Open vijayj opened 11 years ago
Hi Vijay,
I've taken a look and seems like a good start but can you please reply back to this issue when the user stories are complete (filters and pagination) by the end of the week and I will do a full code review then. Thanks!
used parcelable for serialization
Great
Need to add 2.1 more settings 2.2 Ideally with some pagination/scrolling
Check endless scrolling guide to make that easy.
Nathan, Thanks for the extension. I have added the infinite scroll and the rest of settings. Please take a look
/cc @nesquena
Vijay, :+1: excellent submission. A few notes after checking out the code:
Settings
to encapsulate the complexity and move it outside the controllerYou did a great job with this assignment! Also, here's provided a more detailed Project 2 Feedback Guide here which covers the most common issues with this submitted project. Read through the feedback guide point-by-point to determine how you could improve your submission.

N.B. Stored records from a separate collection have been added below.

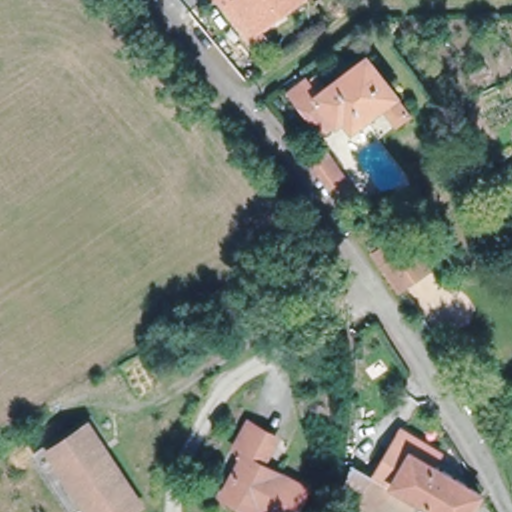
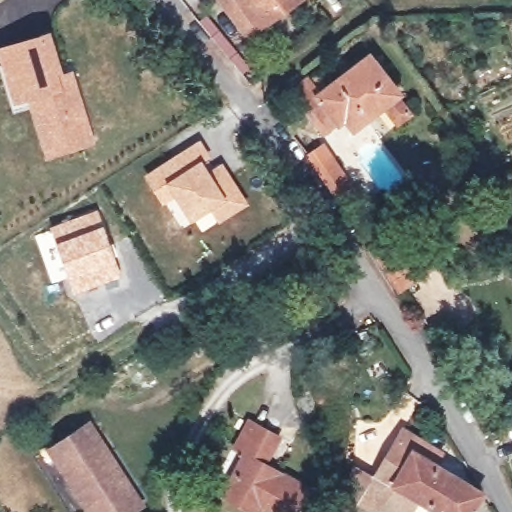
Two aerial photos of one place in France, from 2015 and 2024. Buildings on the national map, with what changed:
unchanged [(242,34),(222,6),(217,0),(292,0),(254,27),(262,38),(250,46),(242,34)]
new [(64,71),(73,69),(95,142),(46,156),(29,99),(14,104),(0,57),(0,46),(52,30),(64,71)]
unchanged [(392,125),(377,105),(349,127),(341,116),(319,132),(287,90),(302,78),(304,80),(311,75),(322,89),(364,56),(392,93),(391,94),(406,114),(392,125)]
new [(199,144),(209,160),(201,165),(207,176),(222,167),(244,202),(221,217),(212,204),(192,215),(162,167),(199,144)]
unchanged [(341,204),(317,169),(308,155),(323,146),(332,160),(355,194),(341,204)]
new [(96,213),(118,275),(76,289),(54,228),(96,213)]
unchanged [(405,235),(411,230),(426,253),(432,263),(427,267),(397,287),(375,254),(393,242),(405,235)]
new [(262,280),(276,302),(242,323),(228,300),(262,280)]
unchanged [(257,511),(225,494),(246,456),(235,451),(251,422),(277,436),(262,464),(309,489),(297,512),(257,512),(257,511)]
unchanged [(137,505),(125,512),(85,512),(45,449),(85,424),(137,505)]
unchanged [(472,512),(440,512),(420,500),(412,512),(376,512),(343,492),(352,466),(374,480),(375,478),(386,460),(402,431),(442,454),(435,465),(482,493),(472,512)]

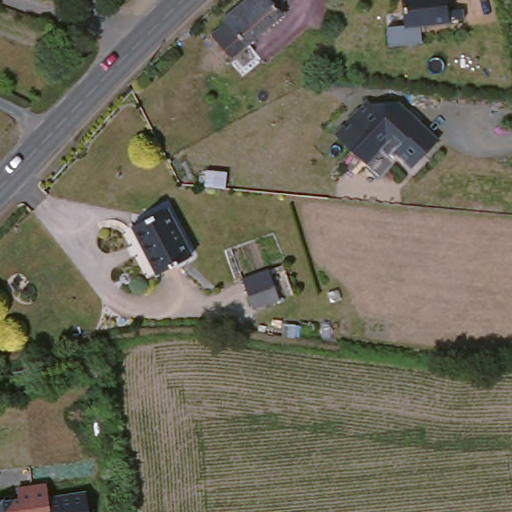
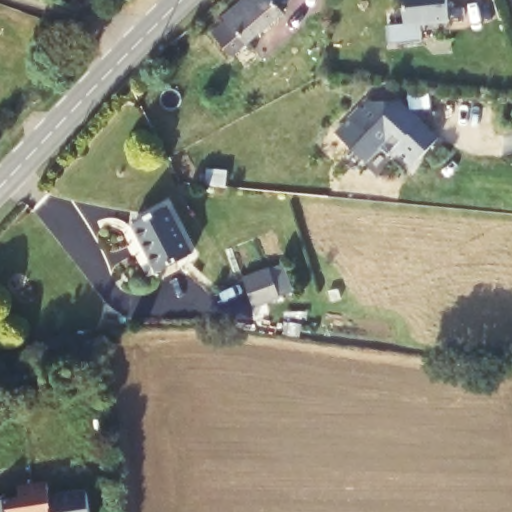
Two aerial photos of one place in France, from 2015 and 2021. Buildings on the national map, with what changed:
unchanged [(211,41),(227,27),(224,24),(251,0),(283,0),(284,1),(276,9),(285,19),(233,65),(211,41)]
unchanged [(470,4),(470,14),(455,15),(455,17),(410,22),(408,0),(453,0),(454,5),(470,4)]
unchanged [(422,164),(388,138),(373,157),(339,130),(375,91),(408,96),(448,130),(422,164)]
unchanged [(195,255),(159,273),(135,226),(170,208),(195,255)]
unchanged [(243,281),(273,271),(285,302),(257,312),(243,281)]
unchanged [(18,478),(51,476),(53,491),(87,487),(91,512),(0,512),(0,494),(18,491),(18,478)]

Let us know if you have any other thoughts or questions about this assignment. The next assignment (Twitter Client) will be especially important since it introduces the majority of the remaining pieces necessary to build a fully functional API client with complex feeds of data and user creation.
There ideally should be a better spinner that takes a collection and the selected value
Yep I could definitely invision a Spinner third party library that adds several convenience methods.
Thanks for the extension. I have added the infinite scroll and the rest of settings. Please take a look
Glad to see you got it done tonight. Excellent job.
Thanks Nathan for the feedback. Really appreciate it. One thing I find different in android ( as compared to say older windows application or the new ember js) is data bindings. It would be nice to ideally bind the Settings model to Settings view so that changes are propagated by framework from view to model (instead of writing getters and setters).
One thing I find different in android ( as compared to say older windows application or the new ember js) is data bindings.
I didn't mention it yet since it's badly documented but that's essentially what PreferenceFragment is for. Binding the inputs to keys in the persistence store. But in general yeah it is not quite as data binding centric as ember or other platforms. There are third party libraries that attempt some of this like AndroidBinding but none that I find particularly good (at least so far).